In [9]:
from wiktionary_de_parser.dump_processor import WiktionaryDump


dump = WiktionaryDump(dump_dir_path="tmp")
dump.download_dump()

In [2]:
from wiktionary_de_parser import WiktionaryParser

parser = WiktionaryParser()
pages = []

for page in dump.pages():
    if page.redirect_to:
        continue

    # if page.name != "ordo":
    #     continue

    pages.append(page)

In [None]:
from tqdm.notebook import tqdm
from notebooks.process_chunk import process_chunk
from concurrent.futures import ProcessPoolExecutor
import multiprocessing as mp

from wiktionary_de_parser.models import MeaningDict


def chunks(lst, n):
    """Split list into n chunks"""
    chunk_size = len(lst) // n + (1 if len(lst) % n else 0)
    for i in range(0, len(lst), chunk_size):
        yield lst[i : i + chunk_size]


# Get number of CPU cores (leave one free for system)
n_cores = max(1, mp.cpu_count() - 1)

# Split pages into chunks
page_chunks = list(chunks(pages, n_cores))

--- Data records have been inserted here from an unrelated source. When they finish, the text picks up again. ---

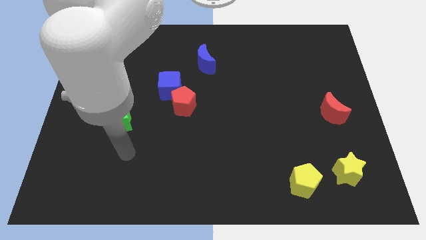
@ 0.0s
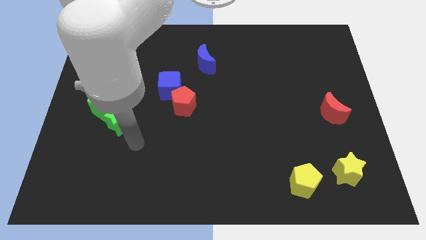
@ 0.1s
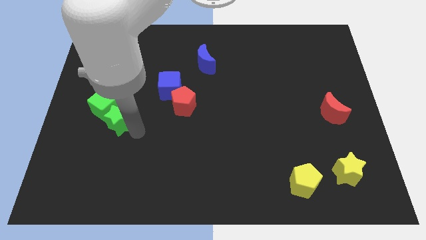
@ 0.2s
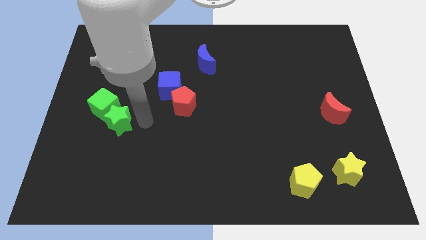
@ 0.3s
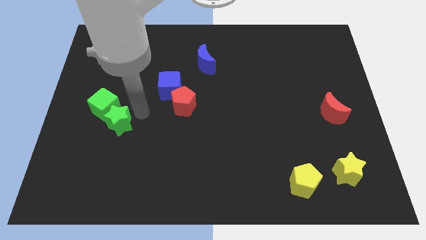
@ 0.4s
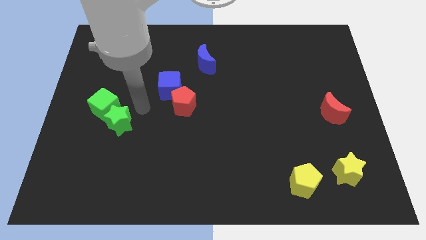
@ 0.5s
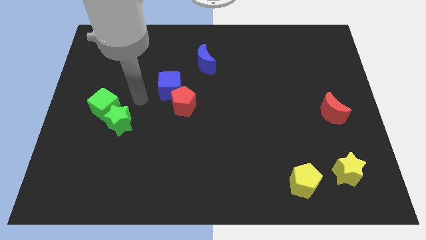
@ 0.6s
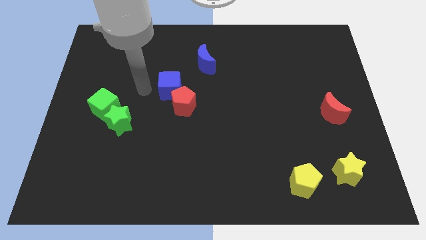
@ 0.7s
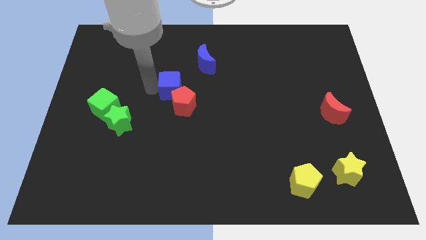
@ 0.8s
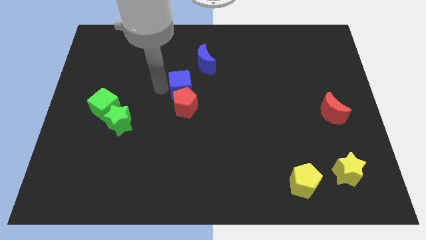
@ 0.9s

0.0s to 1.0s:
put the blue cube to the top right of the red pentagon

all_lists: dict[str, list[list[MeaningDict]]] = {}
with ProcessPoolExecutor(max_workers=n_cores) as executor:
    # Process chunks in parallel with progress bar
    futures = list(
        tqdm(
            executor.map(process_chunk, page_chunks),
            total=len(page_chunks),
            desc="Processing chunks",
        )
    )

    # Merge results
    for result_dict in futures:
        all_lists.update(result_dict)


In [None]:
from wiktionary_de_parser.parser.parse_meanings import (
    format_meanings,
)


print(len(all_lists))

print(format_meanings(all_lists["ordo"]))

In [None]:
# recursively calculate the depth of the wiki_list.sublist
from wiktionary_de_parser.models import MeaningDict
from wiktionary_de_parser.parser.parse_meanings import format_meaning_dict


def calculate_depth(list_item: MeaningDict):
    if not list_item.get("sublist"):
        return 0
    return 1 + max(
        [calculate_depth(subitem) for subitem in list_item.get("sublist", [])]
    )


# Calculate the number of maximum list depth in all lists in all_lists
max_depth = 0
for word, lists in all_lists.items():
    for m_dict_list in lists:
        for m_dict in m_dict_list:
            depth = calculate_depth(m_dict)
            if depth > max_depth:
                max_depth = depth

            if depth == 3:
                print(f"word: {word}")
                print(format_meaning_dict(m_dict))
                print("\n")

print(max_depth)

In [25]:
import ipywidgets as widgets
from IPython.display import display, clear_output


def create_searchable_word_viewer(
    word_dict: dict[str, list[list[MeaningDict]]],
):
    # Statistik-Button und Output erstellen
    stats_button = widgets.Button(
        description="Statistiken anzeigen",
        style={"description_width": "initial"},
    )

    stats_output = widgets.Output(
        layout={
            "border": "1px solid black",
            "padding": "10px",
            "margin": "10px 0",
        }
    )

    def show_stats(b):
        with stats_output:
            clear_output()
            # Grundlegende Statistiken
            total_words = len(word_dict)
            # Berechne die Gesamtzahl der Bedeutungen für jedes Wort
            meanings_counts = [
                sum(len(entry_meanings) for entry_meanings in meanings_list)
                for meanings_list in word_dict.values()
            ]
            avg_meanings = (
                sum(meanings_counts) / total_words if total_words > 0 else 0
            )
            max_meanings = max(meanings_counts)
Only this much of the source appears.